Long-term care is expensive. A single year in a nursing home can cost $150,000 or more in Westchester County. Home care services, if needed for extended periods, can deplete a lifetime of savings. For many families, the prospect of long-term care expenses raises a difficult question: how can we preserve assets for our children while ensuring that Medicaid will cover the cost of necessary care?

The answer, for families with time to plan, is the Medicaid asset protection trust (MAPT). A properly structured MAPT allows a New York resident to remove assets from personal ownership, shield them from Medicaid spend-down requirements, and still provide a safety net for the family. This guide explains how MAPTs work, what assets can be placed in them, the timing requirements, and the specific rules that apply in Westchester County and New York.

What Is a Medicaid Asset Protection Trust?

A Medicaid asset protection trust is an irrevocable trust designed specifically to allow a person to protect assets from being consumed by long-term care costs before Medicaid eligibility is established. Unlike a revocable living trust (which the grantor can modify or revoke at any time), an MAPT strips the grantor of ownership and control permanently. In exchange for that sacrifice, Medicaid treats the trust assets as if they do not belong to the grantor, provided the trust was created and funded well in advance of any application for benefits.

The key word is irrevocable. Once the MAPT is in place and funded, the grantor cannot change his or her mind, cannot revoke it, cannot retrieve the principal, and cannot modify the trust terms. Many people find this commitment uncomfortable. But it is precisely that irrevocability that makes the trust invisible to Medicaid’s asset tests.

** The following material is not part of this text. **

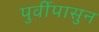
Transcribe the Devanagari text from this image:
पुर्वीपासुन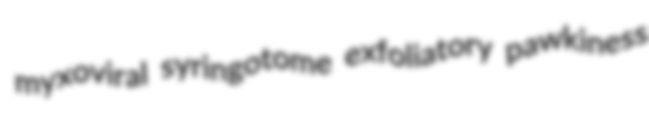
myxoviral syringotome exfoliatory pawkiness

The Medicaid Look-Back Period in New York

Medicaid’s asset protection mechanism relies on a look-back period. When a person applies for Medicaid to cover long-term care costs, Medicaid examines all financial transactions occurring within a specified period before the application. If the agency finds transfers to a trust (or any non-exempt transfer), it imposes a penalty period during which Medicaid will not pay for care. The beneficiary must pay privately until the penalty period expires.

As of March 28, 2024 (the effective date of provisions in the New York 2024-25 budget), the look-back periods are:

Home care (Medicaid waiver programs): 30 months (changed from 0 months).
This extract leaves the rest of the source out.